* _Assignment_
Note the line containing "여러분하고 발걸음이 달라."; from it through the last line below, give only those lines again, exactly, both ends included, skipping pictures.

* _Data below_
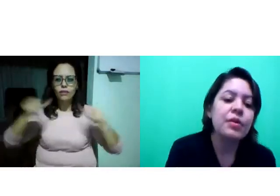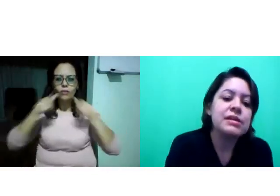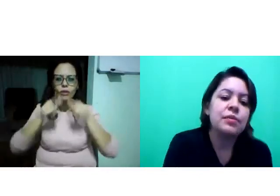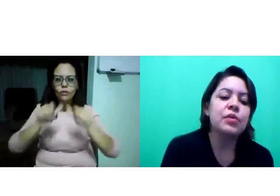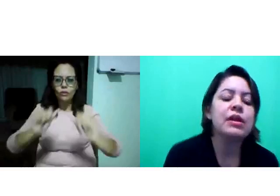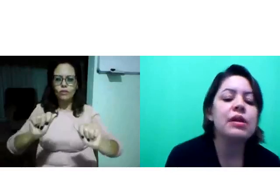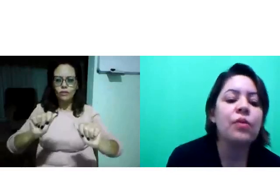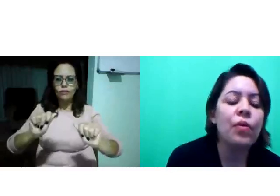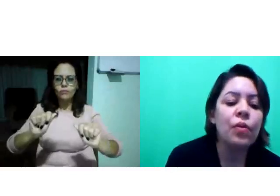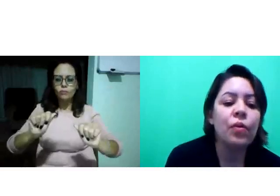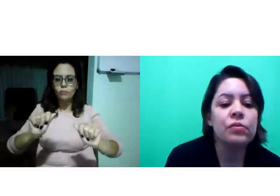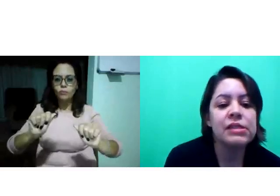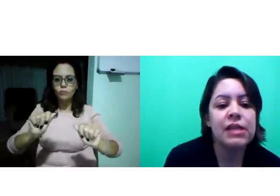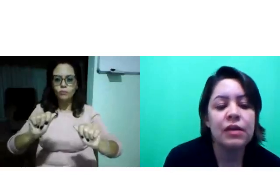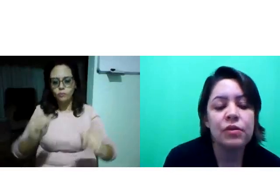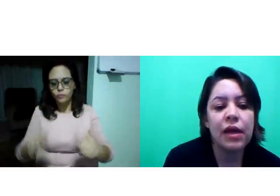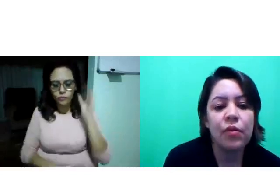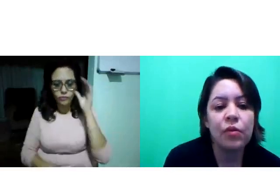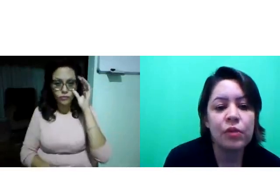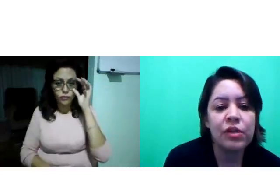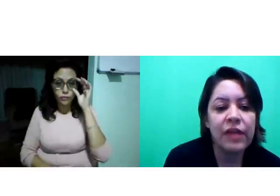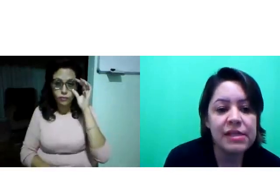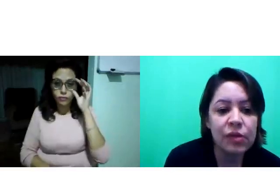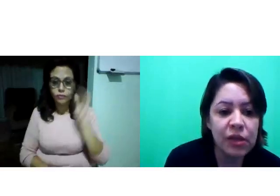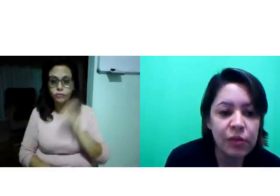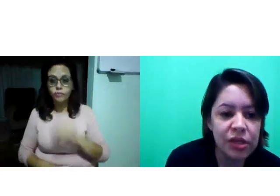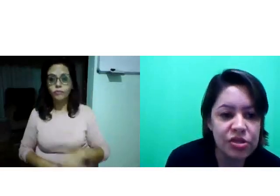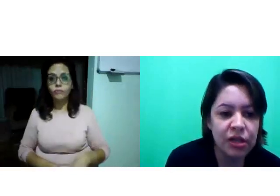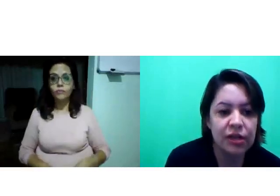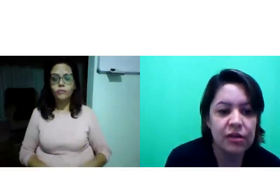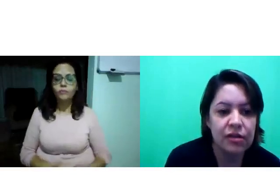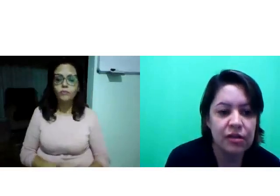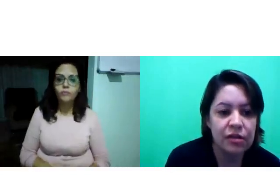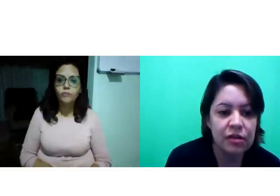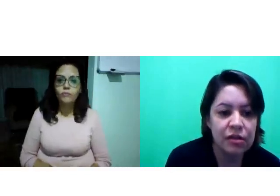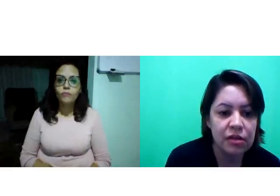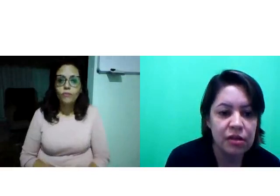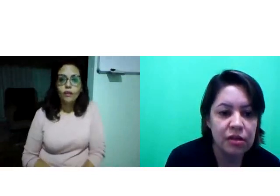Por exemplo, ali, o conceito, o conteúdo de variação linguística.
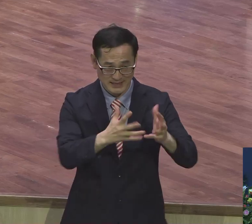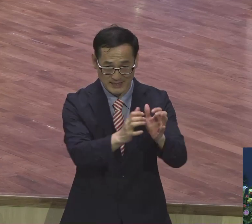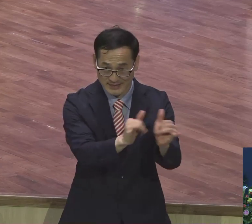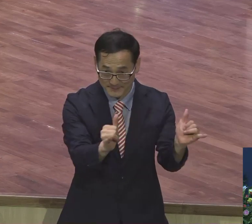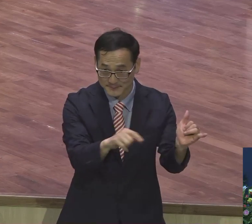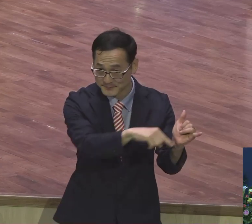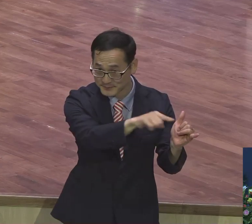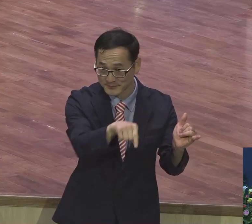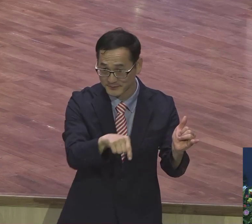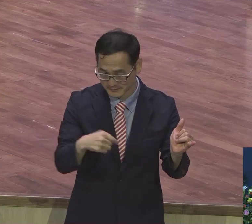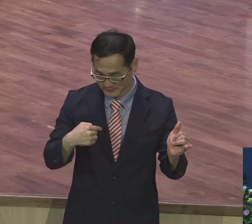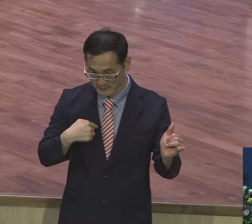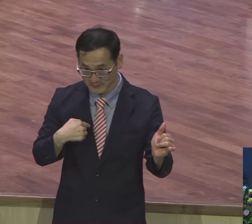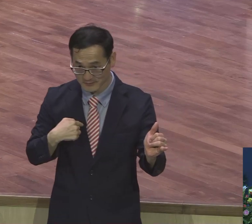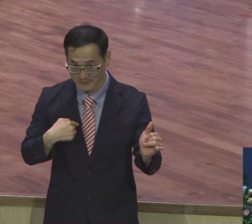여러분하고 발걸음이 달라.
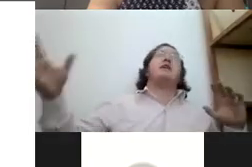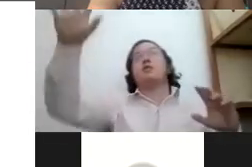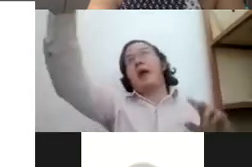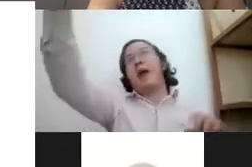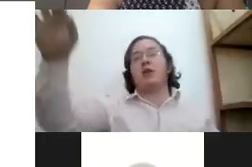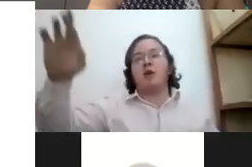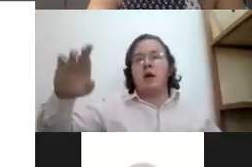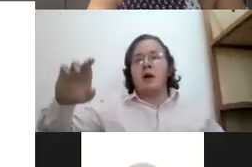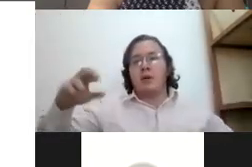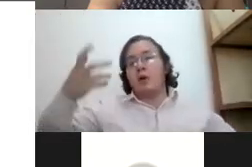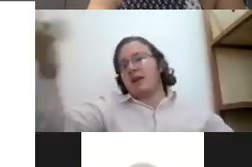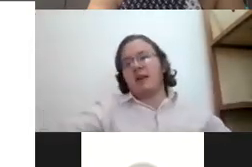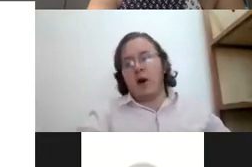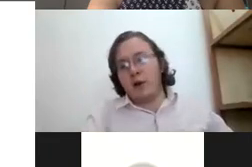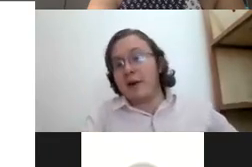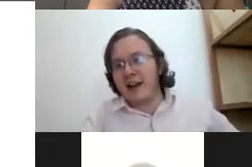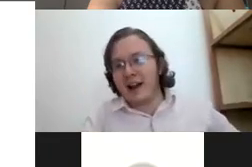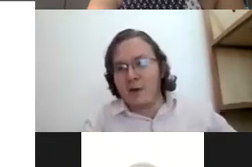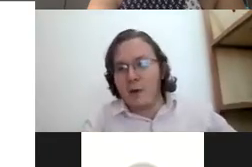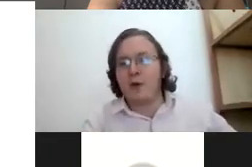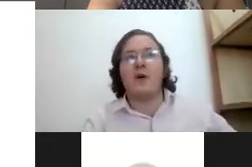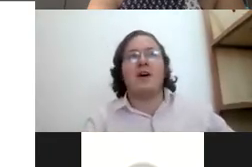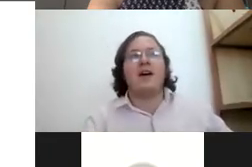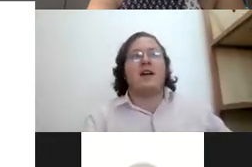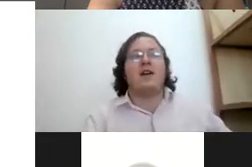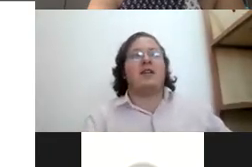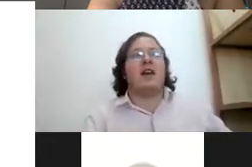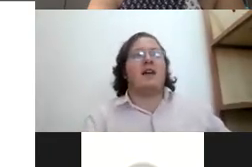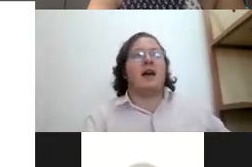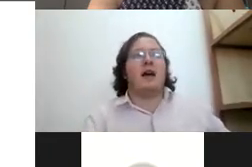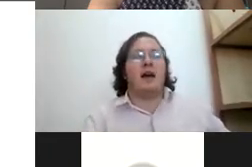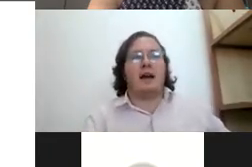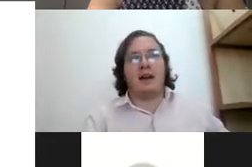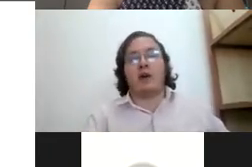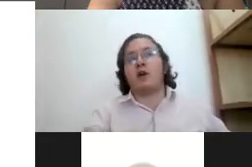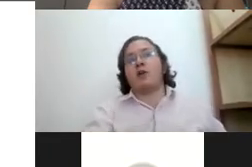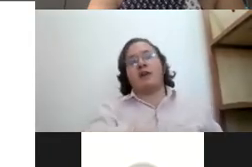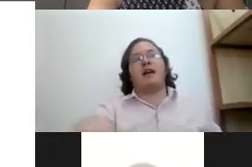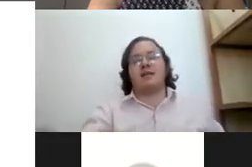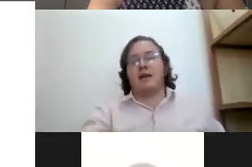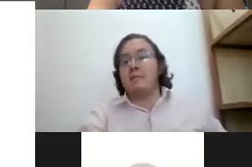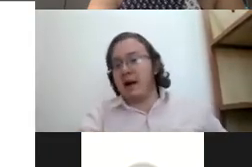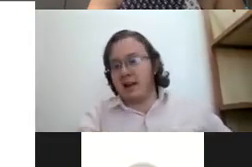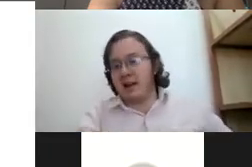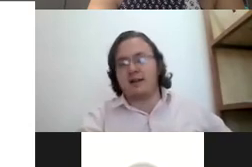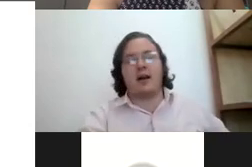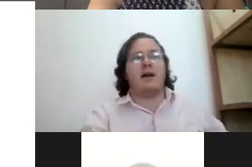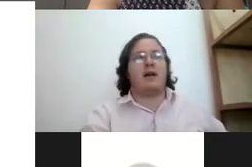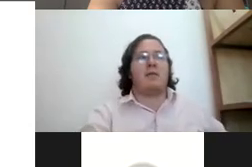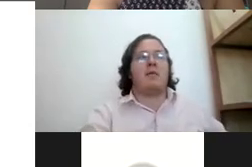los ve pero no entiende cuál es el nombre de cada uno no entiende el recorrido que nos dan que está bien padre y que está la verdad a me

* _Written answer_
여러분하고 발걸음이 달라.
los ve pero no entiende cuál es el nombre de cada uno no entiende el recorrido que nos dan que está bien padre y que está la verdad a me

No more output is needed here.